| Supplied entries |
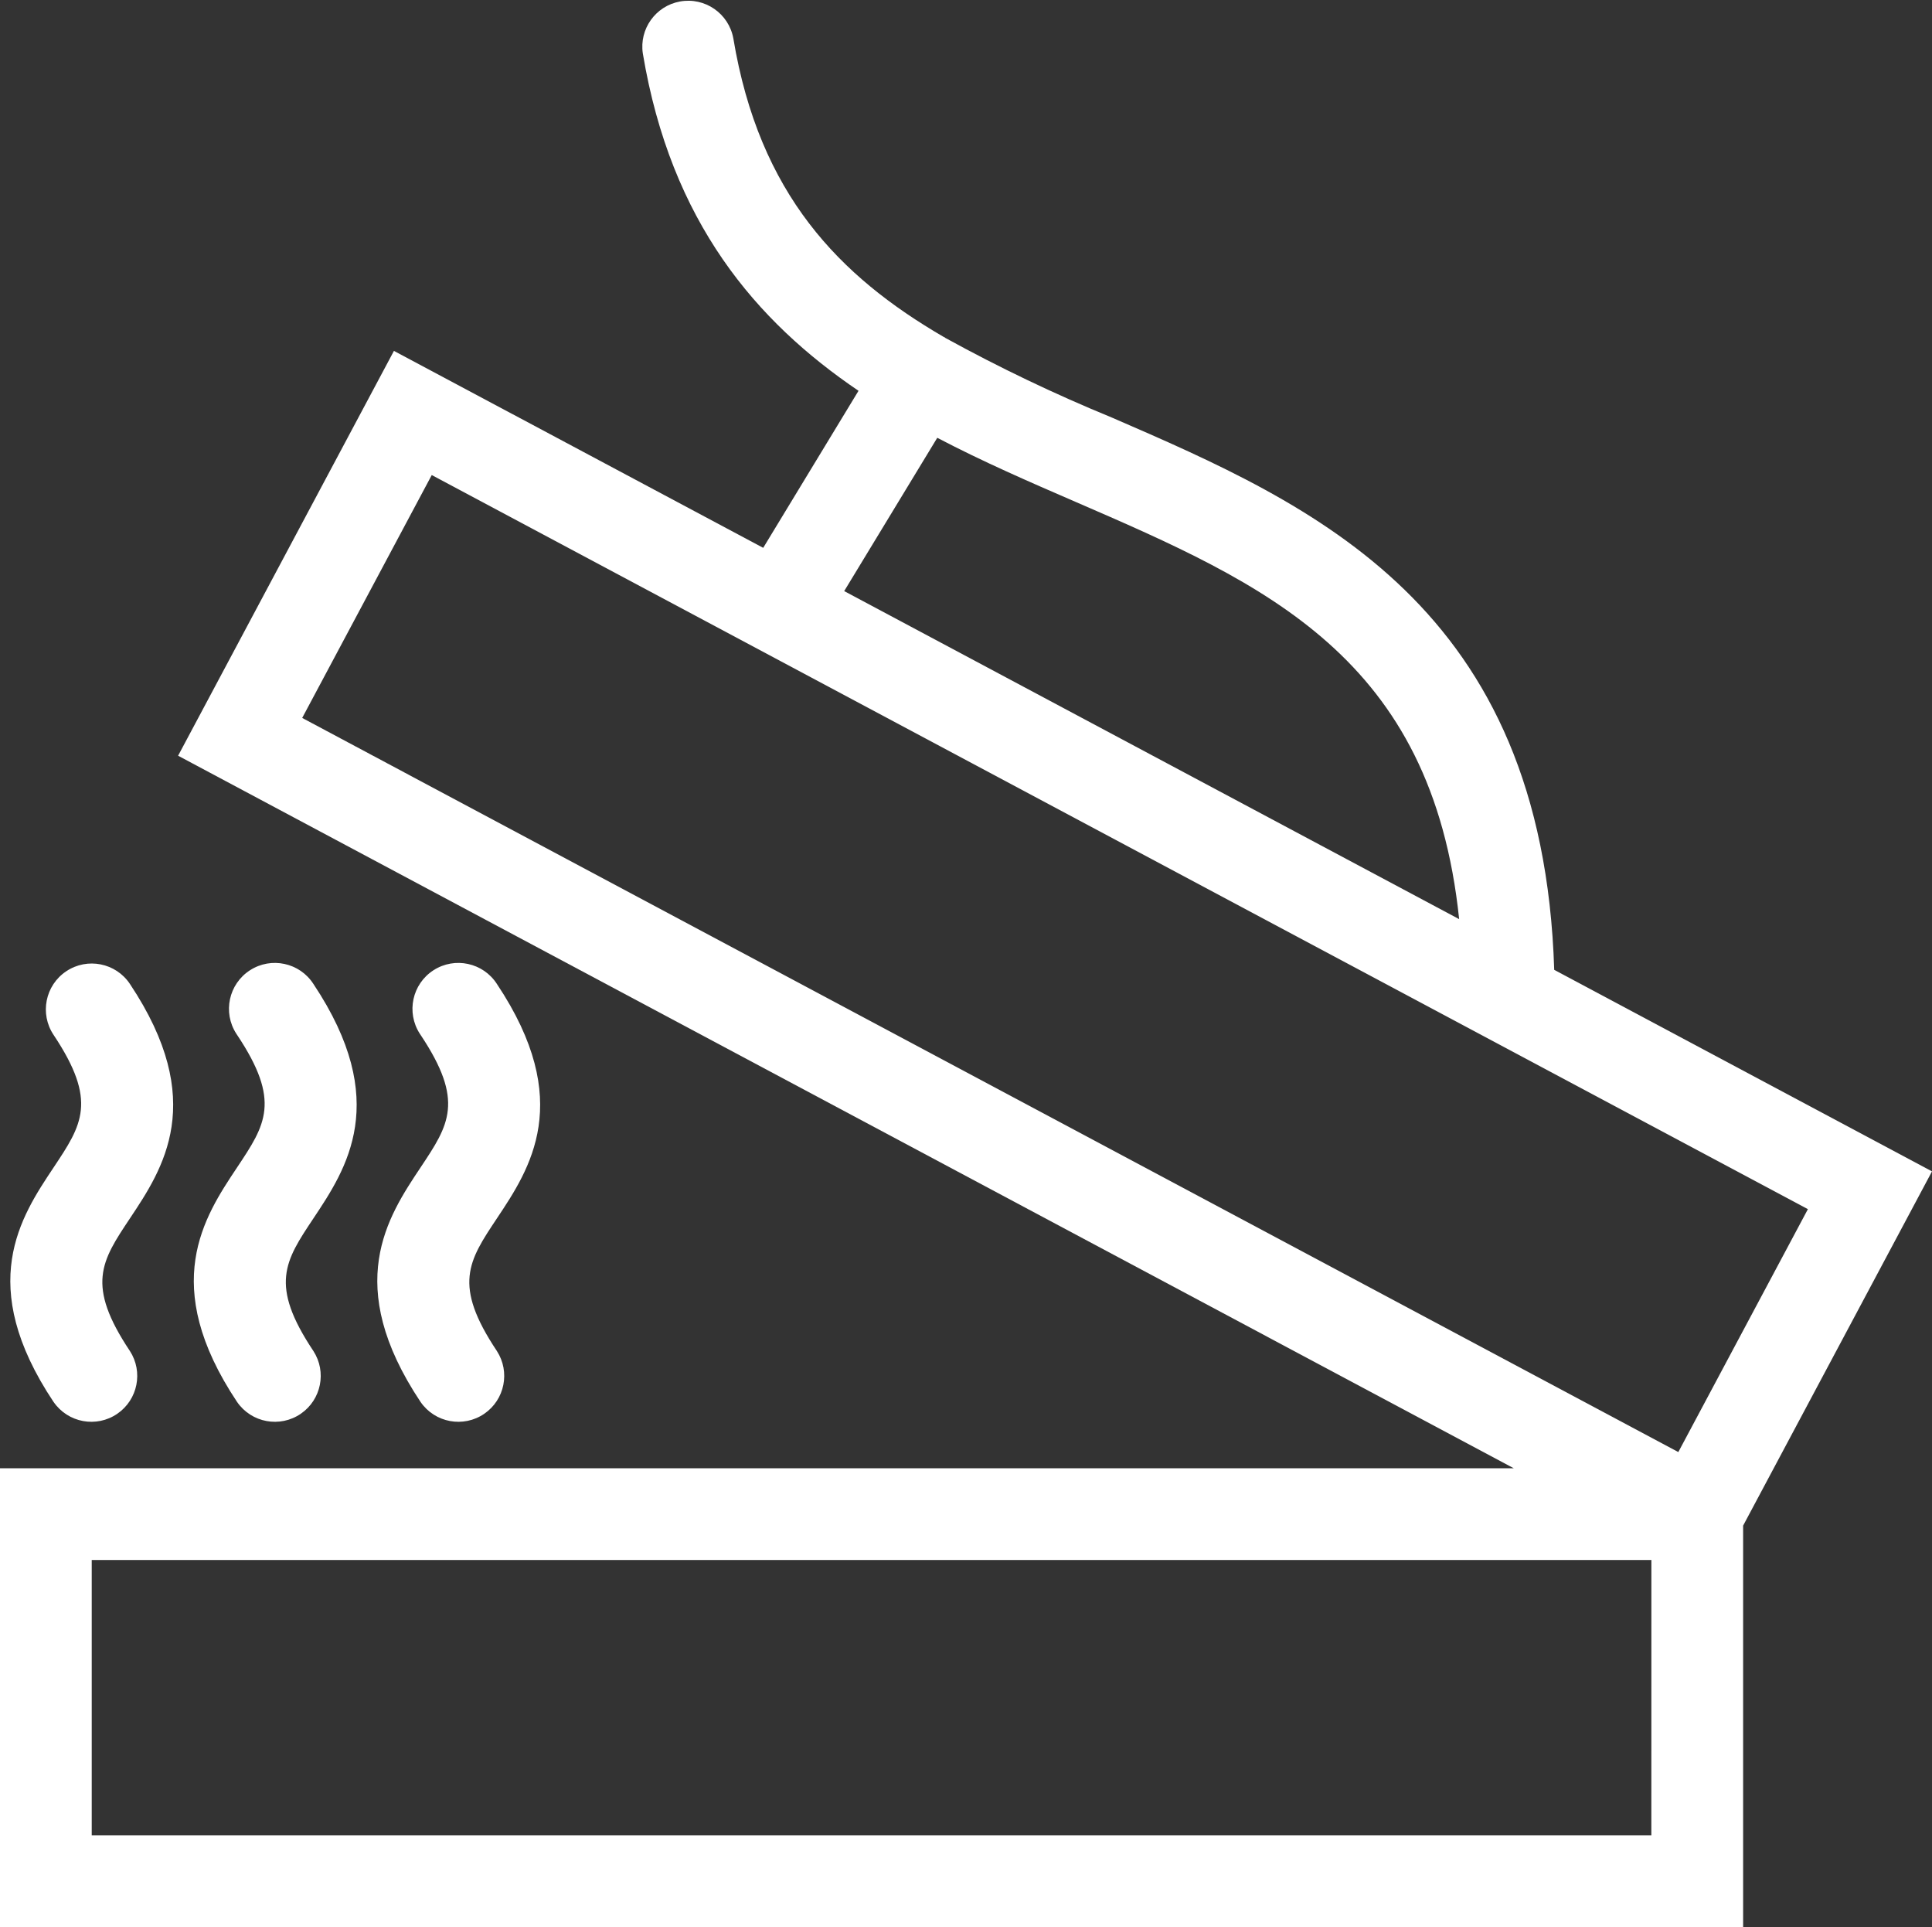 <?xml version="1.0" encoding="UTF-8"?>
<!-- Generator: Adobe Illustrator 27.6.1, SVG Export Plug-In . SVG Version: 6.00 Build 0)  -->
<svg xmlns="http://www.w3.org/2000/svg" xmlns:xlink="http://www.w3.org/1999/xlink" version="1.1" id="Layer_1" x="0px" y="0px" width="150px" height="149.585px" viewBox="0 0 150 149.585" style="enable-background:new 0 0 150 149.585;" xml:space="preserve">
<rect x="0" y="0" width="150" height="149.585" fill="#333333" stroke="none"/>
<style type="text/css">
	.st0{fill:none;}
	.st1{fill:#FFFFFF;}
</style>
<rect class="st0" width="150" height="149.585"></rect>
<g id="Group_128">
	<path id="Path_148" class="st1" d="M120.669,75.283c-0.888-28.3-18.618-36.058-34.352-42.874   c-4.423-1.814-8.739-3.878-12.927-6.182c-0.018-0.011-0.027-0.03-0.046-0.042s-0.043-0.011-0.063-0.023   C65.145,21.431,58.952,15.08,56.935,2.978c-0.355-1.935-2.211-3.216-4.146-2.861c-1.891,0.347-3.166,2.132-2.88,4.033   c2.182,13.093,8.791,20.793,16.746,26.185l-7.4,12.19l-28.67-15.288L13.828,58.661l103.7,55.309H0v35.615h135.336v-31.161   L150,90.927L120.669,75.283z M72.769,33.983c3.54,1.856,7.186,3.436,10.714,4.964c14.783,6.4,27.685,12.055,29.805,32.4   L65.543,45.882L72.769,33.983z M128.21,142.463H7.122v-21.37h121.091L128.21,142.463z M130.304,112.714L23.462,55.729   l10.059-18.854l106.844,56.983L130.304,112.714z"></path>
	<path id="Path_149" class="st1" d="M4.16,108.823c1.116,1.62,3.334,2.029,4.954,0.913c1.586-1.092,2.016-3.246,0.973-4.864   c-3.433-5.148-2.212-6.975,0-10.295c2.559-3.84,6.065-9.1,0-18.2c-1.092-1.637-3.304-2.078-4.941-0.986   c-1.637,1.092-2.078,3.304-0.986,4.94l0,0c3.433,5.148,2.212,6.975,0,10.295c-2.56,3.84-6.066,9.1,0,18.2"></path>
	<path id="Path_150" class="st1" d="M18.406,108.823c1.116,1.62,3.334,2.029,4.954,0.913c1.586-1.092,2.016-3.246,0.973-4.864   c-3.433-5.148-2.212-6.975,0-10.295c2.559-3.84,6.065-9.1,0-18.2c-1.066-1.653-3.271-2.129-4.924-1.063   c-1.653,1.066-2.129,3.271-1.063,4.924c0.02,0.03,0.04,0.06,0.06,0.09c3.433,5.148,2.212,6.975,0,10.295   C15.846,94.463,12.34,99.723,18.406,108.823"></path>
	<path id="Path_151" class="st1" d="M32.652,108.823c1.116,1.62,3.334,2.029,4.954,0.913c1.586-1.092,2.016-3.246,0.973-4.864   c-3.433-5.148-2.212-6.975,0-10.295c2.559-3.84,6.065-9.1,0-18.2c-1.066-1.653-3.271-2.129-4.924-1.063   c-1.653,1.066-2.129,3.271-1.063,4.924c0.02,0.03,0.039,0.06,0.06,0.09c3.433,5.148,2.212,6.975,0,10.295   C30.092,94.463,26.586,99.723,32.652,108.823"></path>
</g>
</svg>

| About this task |
Please restate each entry exactly, but drop any picture it holds.

| Exercise answer |
 <?xml version="1.0" encoding="UTF-8"?>
<!-- Generator: Adobe Illustrator 27.6.1, SVG Export Plug-In . SVG Version: 6.00 Build 0)  -->
<svg xmlns="http://www.w3.org/2000/svg" xmlns:xlink="http://www.w3.org/1999/xlink" version="1.1" id="Layer_1" x="0px" y="0px" width="150px" height="149.585px" viewBox="0 0 150 149.585" style="enable-background:new 0 0 150 149.585;" xml:space="preserve">
<rect x="0" y="0" width="150" height="149.585" fill="#333333" stroke="none"/>
<style type="text/css">
	.st0{fill:none;}
	.st1{fill:#FFFFFF;}
</style>
<rect class="st0" width="150" height="149.585"></rect>
<g id="Group_128">
	<path id="Path_148" class="st1" d="M120.669,75.283c-0.888-28.3-18.618-36.058-34.352-42.874   c-4.423-1.814-8.739-3.878-12.927-6.182c-0.018-0.011-0.027-0.03-0.046-0.042s-0.043-0.011-0.063-0.023   C65.145,21.431,58.952,15.08,56.935,2.978c-0.355-1.935-2.211-3.216-4.146-2.861c-1.891,0.347-3.166,2.132-2.88,4.033   c2.182,13.093,8.791,20.793,16.746,26.185l-7.4,12.19l-28.67-15.288L13.828,58.661l103.7,55.309H0v35.615h135.336v-31.161   L150,90.927L120.669,75.283z M72.769,33.983c3.54,1.856,7.186,3.436,10.714,4.964c14.783,6.4,27.685,12.055,29.805,32.4   L65.543,45.882L72.769,33.983z M128.21,142.463H7.122v-21.37h121.091L128.21,142.463z M130.304,112.714L23.462,55.729   l10.059-18.854l106.844,56.983L130.304,112.714z"></path>
	<path id="Path_149" class="st1" d="M4.16,108.823c1.116,1.62,3.334,2.029,4.954,0.913c1.586-1.092,2.016-3.246,0.973-4.864   c-3.433-5.148-2.212-6.975,0-10.295c2.559-3.84,6.065-9.1,0-18.2c-1.092-1.637-3.304-2.078-4.941-0.986   c-1.637,1.092-2.078,3.304-0.986,4.94l0,0c3.433,5.148,2.212,6.975,0,10.295c-2.56,3.84-6.066,9.1,0,18.2"></path>
	<path id="Path_150" class="st1" d="M18.406,108.823c1.116,1.62,3.334,2.029,4.954,0.913c1.586-1.092,2.016-3.246,0.973-4.864   c-3.433-5.148-2.212-6.975,0-10.295c2.559-3.84,6.065-9.1,0-18.2c-1.066-1.653-3.271-2.129-4.924-1.063   c-1.653,1.066-2.129,3.271-1.063,4.924c0.02,0.03,0.04,0.06,0.06,0.09c3.433,5.148,2.212,6.975,0,10.295   C15.846,94.463,12.34,99.723,18.406,108.823"></path>
	<path id="Path_151" class="st1" d="M32.652,108.823c1.116,1.62,3.334,2.029,4.954,0.913c1.586-1.092,2.016-3.246,0.973-4.864   c-3.433-5.148-2.212-6.975,0-10.295c2.559-3.84,6.065-9.1,0-18.2c-1.066-1.653-3.271-2.129-4.924-1.063   c-1.653,1.066-2.129,3.271-1.063,4.924c0.02,0.03,0.039,0.06,0.06,0.09c3.433,5.148,2.212,6.975,0,10.295   C30.092,94.463,26.586,99.723,32.652,108.823"></path>
</g>
</svg>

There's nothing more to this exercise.